Les avis des conseillers juridiques ministériels bientôt « non-contraignants » ?
Un nouveau projet de loi veut restreindre l'indépendance des conseillers, permettant à terme aux ministres de faire appel au juriste de leur choix pour défendre leur politique
Carrie Keller-Lynn est la correspondante politique et juridique du Times of Israël.
Dans le cadre de son projet de refonte judiciaire, la coalition a fait part jeudi d’un nouveau projet de loi visant à changer le statut des conseillers juridiques dans les ministères qui, d’autorités indépendantes, deviendraient un conseil choisi en fonction d’affinités politiques et dont l’avis sera explicitement « non-contraignant » pour le gouvernement et pour ses ministres.
Avancé par la Commission de la Constitution, du droit et de la Justice à la Knesset, ce projet de loi visant à amender la Loi fondamentale : Le gouvernement marginaliserait l’influence du ministère de la Justice sur le gouvernement et sur ses positionnements juridiques. Les débats commenceront lundi, a précisé le président de la commission, Simcha Rothman.

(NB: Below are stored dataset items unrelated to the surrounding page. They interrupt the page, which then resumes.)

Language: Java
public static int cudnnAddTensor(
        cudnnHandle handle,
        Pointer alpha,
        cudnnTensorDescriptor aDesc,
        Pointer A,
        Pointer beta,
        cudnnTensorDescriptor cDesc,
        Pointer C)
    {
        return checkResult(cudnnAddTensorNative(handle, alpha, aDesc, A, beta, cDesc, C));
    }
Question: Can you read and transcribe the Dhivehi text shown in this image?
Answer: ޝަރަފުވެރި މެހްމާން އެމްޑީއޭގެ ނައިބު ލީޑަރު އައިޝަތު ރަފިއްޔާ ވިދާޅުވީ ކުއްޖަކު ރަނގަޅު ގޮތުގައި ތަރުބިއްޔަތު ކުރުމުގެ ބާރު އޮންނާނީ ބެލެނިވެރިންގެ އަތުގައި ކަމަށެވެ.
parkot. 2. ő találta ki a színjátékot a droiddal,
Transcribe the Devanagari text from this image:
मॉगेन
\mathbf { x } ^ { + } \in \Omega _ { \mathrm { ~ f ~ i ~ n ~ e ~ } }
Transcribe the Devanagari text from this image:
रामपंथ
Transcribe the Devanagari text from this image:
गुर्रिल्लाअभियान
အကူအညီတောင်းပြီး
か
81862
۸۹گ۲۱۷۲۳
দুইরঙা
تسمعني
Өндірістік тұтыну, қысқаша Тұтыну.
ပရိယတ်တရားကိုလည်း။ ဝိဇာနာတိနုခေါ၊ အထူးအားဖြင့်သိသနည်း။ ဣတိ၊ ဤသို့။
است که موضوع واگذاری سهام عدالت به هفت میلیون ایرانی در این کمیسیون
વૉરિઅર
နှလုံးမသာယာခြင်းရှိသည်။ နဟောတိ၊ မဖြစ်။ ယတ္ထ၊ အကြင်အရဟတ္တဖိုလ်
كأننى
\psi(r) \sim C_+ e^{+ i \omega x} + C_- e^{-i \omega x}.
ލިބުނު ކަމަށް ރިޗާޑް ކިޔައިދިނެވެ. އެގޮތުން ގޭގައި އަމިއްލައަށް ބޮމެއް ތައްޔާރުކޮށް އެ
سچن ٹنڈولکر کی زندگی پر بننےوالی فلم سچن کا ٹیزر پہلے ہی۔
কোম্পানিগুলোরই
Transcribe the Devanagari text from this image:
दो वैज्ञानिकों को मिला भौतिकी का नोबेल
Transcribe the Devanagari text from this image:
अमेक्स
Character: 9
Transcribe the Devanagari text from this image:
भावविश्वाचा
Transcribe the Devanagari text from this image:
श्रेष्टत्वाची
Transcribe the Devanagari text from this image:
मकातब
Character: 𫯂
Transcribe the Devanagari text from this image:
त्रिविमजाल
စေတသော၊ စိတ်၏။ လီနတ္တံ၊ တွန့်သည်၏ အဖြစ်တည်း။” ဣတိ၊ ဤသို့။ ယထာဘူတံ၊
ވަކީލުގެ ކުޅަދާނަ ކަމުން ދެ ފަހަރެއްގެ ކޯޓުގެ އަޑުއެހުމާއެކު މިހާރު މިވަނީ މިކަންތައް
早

Ce texte entre dans le cadre d’un projet de réforme judiciaire plus large qui renforcera le pouvoir de la Knesset au détriment du système judiciaire, une refonte décriée par la procureure-générale, d’anciens juges et responsables de la justice et par l’opposition. Tous affirment que ce bouleversement met en danger la démocratie et les libertés civiles. L’architecte de la réforme, Yariv Levin, assure que ces changements radicaux sont nécessaires pour renforcer la démocratie en accroissant le pouvoir des représentants élus du peuple et le Premier ministre Benjamin Netanyahu soutient fermement son initiative, invoquant la mise en place d’un nouvel équilibre entre les autorités publiques.
Le projet de loi qui a été soumis jeudi par la commission de la Constitution établit que le gouvernement, le Premier ministre et tous les membres du cabinet « sont en droit de déterminer le positionnement juridique de leur bureau ou des autorités civiles placées sous leur autorité dans les affaires légales, que ce soit de manière générale ou dans un cas spécifique ».
« L’avis juridique donné au gouvernement » ou « au Premier ministre et à tous les ministres du gouvernement n’aura pas un caractère d’obligation pour ces derniers et ne sera pas en capacité d’altérer leur positionnement légal », dit-il encore.
De la même façon, le cabinet et ses ministres « sont autorisés à rejeter un avis juridique et à agir contre ».
Actuellement, les conseillers juridiques des ministres sont placés sous les auspices de la procureure-générale de manière à préserver leur indépendance face aux influences politiques et les avis qu’ils émettent ont un caractère contraignant pour les ministères.
Le Likud de Netanyahu et ses alliés d’extrême-droite et religieux qui siègent au gouvernement avaient promis de redéfinir l’équilibre des pouvoirs entre les politiciens et les autorités judiciaires à l’approche des élections du mois de novembre, qu’ils ont finalement remportées.
La proposition actuelle va plus loin que la promesse électorale qui avait été faite par le Likud de transformer les conseillers juridiques en « postes de confiance » – ce qui signifie qu’ils pouvaient être embauchés et renvoyés selon les caprices du gouvernement : ces changements changeraient jusqu’au statut légal des avis qu’ils donnent au ministère.
Le projet de loi permettrait également aux ministres de choisir n’importe quel juriste – même un juriste du secteur privé – pour représenter leur bureau lors d’une audience, aidant ainsi les politiciens à échapper à un contrôle du ministère de la Justice sur l’avancée de politiques que ce dernier ne soutiendrait pas et refuserait de défendre.
Les Lois fondamentales ont un statut quasi-constitutionnel et la portée de ce statut est actuellement débattue entre les tribunaux et le projet de réforme de Levin. Mercredi soir, Levin a rendu public un texte qui modifierait très largement la Loi fondamentale : Système judiciaire, et qui comprend notamment une clause qui empêcherait la Haute cour de justice de débattre et d’invalider des Lois fondamentales.
Si une telle législation devait être adoptée et rester incontestée, cela signifierait que la Cour ne pourrait même pas débattre de la proposition faite par la commission de la Constitution de réécrire la définition du poste de conseiller juridique ministériel.
Le bureau de la procureure-générale n’avait pas répondu à notre demande de réaction au moment de la rédaction de cet article.